The distance of detecting voltage will depend on how high the voltage is, and how much of an area is exposed and not covered by shields.  The higher the voltage is, the larger the distance will be for detection.  A car in contact with 120 VAC is detected from about 8 feet, but a “hot” 7500 V overhead distribution line can be picked up from 200 feet away.

What batteries does the AC Hot Stick Tester run on?

Hot stick testers run on four AA batteries, and will last for about 300 hours of continuous use.  A good rule of thumb is to switch the batteries every year.

Does the unit require recalibration?

The unit does not require recalibration, for it runs a three second self-test.  The battery voltage is also monitored continuously.  When and if the batteries run down, a continuous tone is heard.

How do I know when AC is present?

The hot stick tester will start to beep and an LED will blink when AC is present.

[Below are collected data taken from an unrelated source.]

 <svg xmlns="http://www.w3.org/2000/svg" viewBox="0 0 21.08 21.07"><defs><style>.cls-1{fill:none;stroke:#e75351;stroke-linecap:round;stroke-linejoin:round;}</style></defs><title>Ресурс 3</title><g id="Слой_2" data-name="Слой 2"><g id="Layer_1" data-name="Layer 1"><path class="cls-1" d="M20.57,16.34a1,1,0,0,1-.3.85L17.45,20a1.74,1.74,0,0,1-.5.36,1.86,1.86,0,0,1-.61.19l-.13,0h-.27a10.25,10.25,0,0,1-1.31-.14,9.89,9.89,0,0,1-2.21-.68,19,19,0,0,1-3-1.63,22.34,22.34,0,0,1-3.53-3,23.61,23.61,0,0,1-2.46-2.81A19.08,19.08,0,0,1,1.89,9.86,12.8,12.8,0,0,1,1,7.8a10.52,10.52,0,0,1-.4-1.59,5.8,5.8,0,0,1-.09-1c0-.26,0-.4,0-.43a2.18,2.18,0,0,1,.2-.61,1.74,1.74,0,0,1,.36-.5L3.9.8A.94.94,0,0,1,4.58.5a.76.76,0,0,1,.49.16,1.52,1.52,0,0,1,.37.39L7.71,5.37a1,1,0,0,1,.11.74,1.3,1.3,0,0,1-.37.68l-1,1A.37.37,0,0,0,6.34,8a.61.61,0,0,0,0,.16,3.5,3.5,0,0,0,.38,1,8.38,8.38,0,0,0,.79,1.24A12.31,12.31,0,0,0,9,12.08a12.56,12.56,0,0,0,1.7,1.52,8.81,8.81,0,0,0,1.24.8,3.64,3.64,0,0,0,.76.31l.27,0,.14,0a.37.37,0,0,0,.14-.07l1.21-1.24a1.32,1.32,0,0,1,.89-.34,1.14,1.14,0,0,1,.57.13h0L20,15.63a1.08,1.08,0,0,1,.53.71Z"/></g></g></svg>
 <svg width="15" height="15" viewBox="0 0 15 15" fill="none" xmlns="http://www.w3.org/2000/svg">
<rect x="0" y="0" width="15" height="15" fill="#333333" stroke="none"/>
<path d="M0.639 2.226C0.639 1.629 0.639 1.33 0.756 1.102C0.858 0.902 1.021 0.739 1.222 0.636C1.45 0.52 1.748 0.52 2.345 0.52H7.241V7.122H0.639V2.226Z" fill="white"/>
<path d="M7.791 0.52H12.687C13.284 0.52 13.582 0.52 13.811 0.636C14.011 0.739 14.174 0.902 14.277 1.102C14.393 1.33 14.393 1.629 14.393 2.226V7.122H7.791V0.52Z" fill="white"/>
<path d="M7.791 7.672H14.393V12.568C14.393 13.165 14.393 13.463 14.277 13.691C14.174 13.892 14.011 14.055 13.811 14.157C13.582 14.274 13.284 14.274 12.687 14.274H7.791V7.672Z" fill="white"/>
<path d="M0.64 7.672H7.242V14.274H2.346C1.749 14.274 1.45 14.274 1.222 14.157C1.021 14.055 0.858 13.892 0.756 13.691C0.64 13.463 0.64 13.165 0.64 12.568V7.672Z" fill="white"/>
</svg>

How do I locate the source of the AC?

When locating the source of AC, the hot stick tester will beep faster as the front part of the AC Hot Stick is moved closer to the source. The sensitivity can be changed between high and low to narrow in.  In a third setting called “Front Focused” the unit is made directional and picks up primarily from the front.

Can I detect live wires in the ground, in metal conduits or inside walls?

Live wires in the ground or in metal conduits cannot be detected.  The hot stick tester will give a warning however if the current is running in the soil or a metal conduit becomes ungrounded.  Plastic enclosed wires which run in dry walls can usually be traced.

How sturdy is the unit? Is it fireman proof?

Hot stick testers are not fireman proof, but they are “firemen resistant” and can easily take dust, shocks, vibration, splash water, and high and low temperatures.

Can I overload the unit electrically?

The unit can not be overloaded for it is protected against damage from high voltage nearby.

Does the AC Hot Stick Tester indicate DC e.g. from a car battery or the third rail of a subway?

The hot stick tester will not detect DC voltages.  At times, electrostatic charges from rubbing on clothing or even leaves on trees can produce irregular beeps.  These beeps will stop when the hot stick tester is held still.